In the meantime, click here for files you can download that walk you through some of these types of relaxation exercises.
1. Sharing your current urge to self-injure with another person and in order to not act on it. However, this may be very difficult and you may not have told anyone about your self-injury.
In that case, you can still reach out to someone and talk to him/her about your intense and difficult emotions that are making you want to self-injure even if you do not share your self-injury or your urge.
2. If it is too difficult to share these intense emotions, you can still reach out to someone and talk to him/her. To distract yourself from your emotions and urges you can talk about other things.
If you can’t reach the first person you call, try someone else.
It may be helpful to make a list of people who you can call close by
to remind you that there are others you can call.
3. If there is no one you can call, you can and should also go online to connect with others.
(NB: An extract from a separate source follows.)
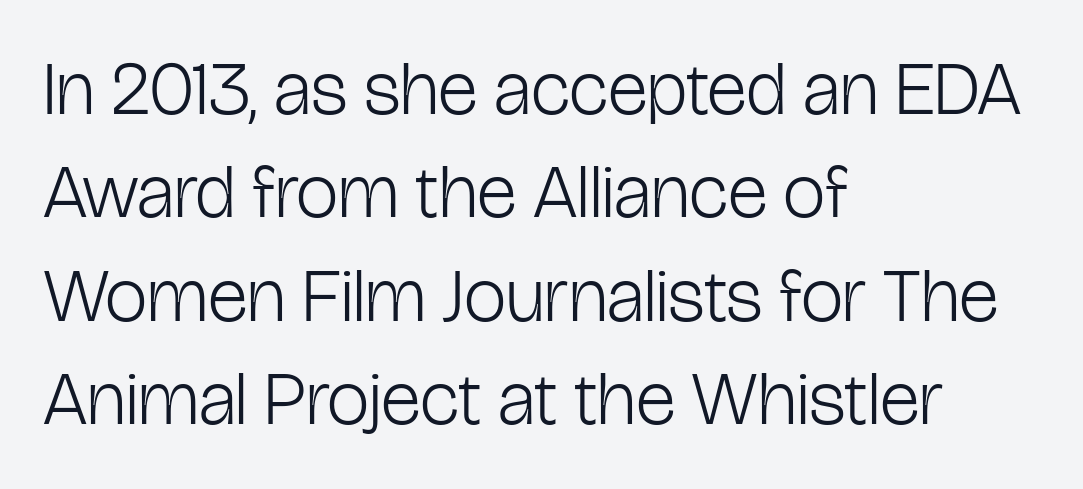
The image shows 76 px light, condensed sans-serif type, upright; set left-aligned, normal line spacing (1.36x), normal letter spacing, not underlined; low stroke contrast and a medium x-height.

For instance, you can go on Facebook to talk to a friend or relative who is online. You can also try different websites. If you go to a website about self-injury, it is important to recognize that some websites about self-injury may have triggering content. However, there are some great websites which can be helpful. For instance, Recover Your Life provides people who struggle with self-injury with a way to connect with others, including a live chatroom, available at certain times in the day, and a very active message board. It may also be helpful to find a local helpline (e.g., Kids Help Phone, Crisis Line) that you can call when you’re upset.
Some individuals say that being able to express their intense emotions through a creative outlet can be helpful.
Others find that a creative activity can distract or is so involving that it helps to not act on the urge to self-injure.
But, avoid triggering music that you know will worsen mood or that remind you about self-injury.
Listening to music, often played loudly, can provide some relief.
Also, many people find that dancing vigorously to the music can be especially helpful.
Exercising vigorously to raise your heart rate has been shown in research to be effective for some people as a way to manage urges to self-injure.
It is important that the exercise be intense and lasts until the urge passes (breathing hard and sweating). Intense exercise may therefore serve as a healthy substitution for self-injury and coping with intense, difficult emotions.
Cuddling with a pet can be very soothing and comforting. Many people find that cuddling with a favorite pet helps to avoid acting on an urge to self-injure. This can also be done together with other strategies. For example, waiting the 15-minutes and using the 15-minute wait-rule with cuddling a pet can increase the effectiveness of both strategies.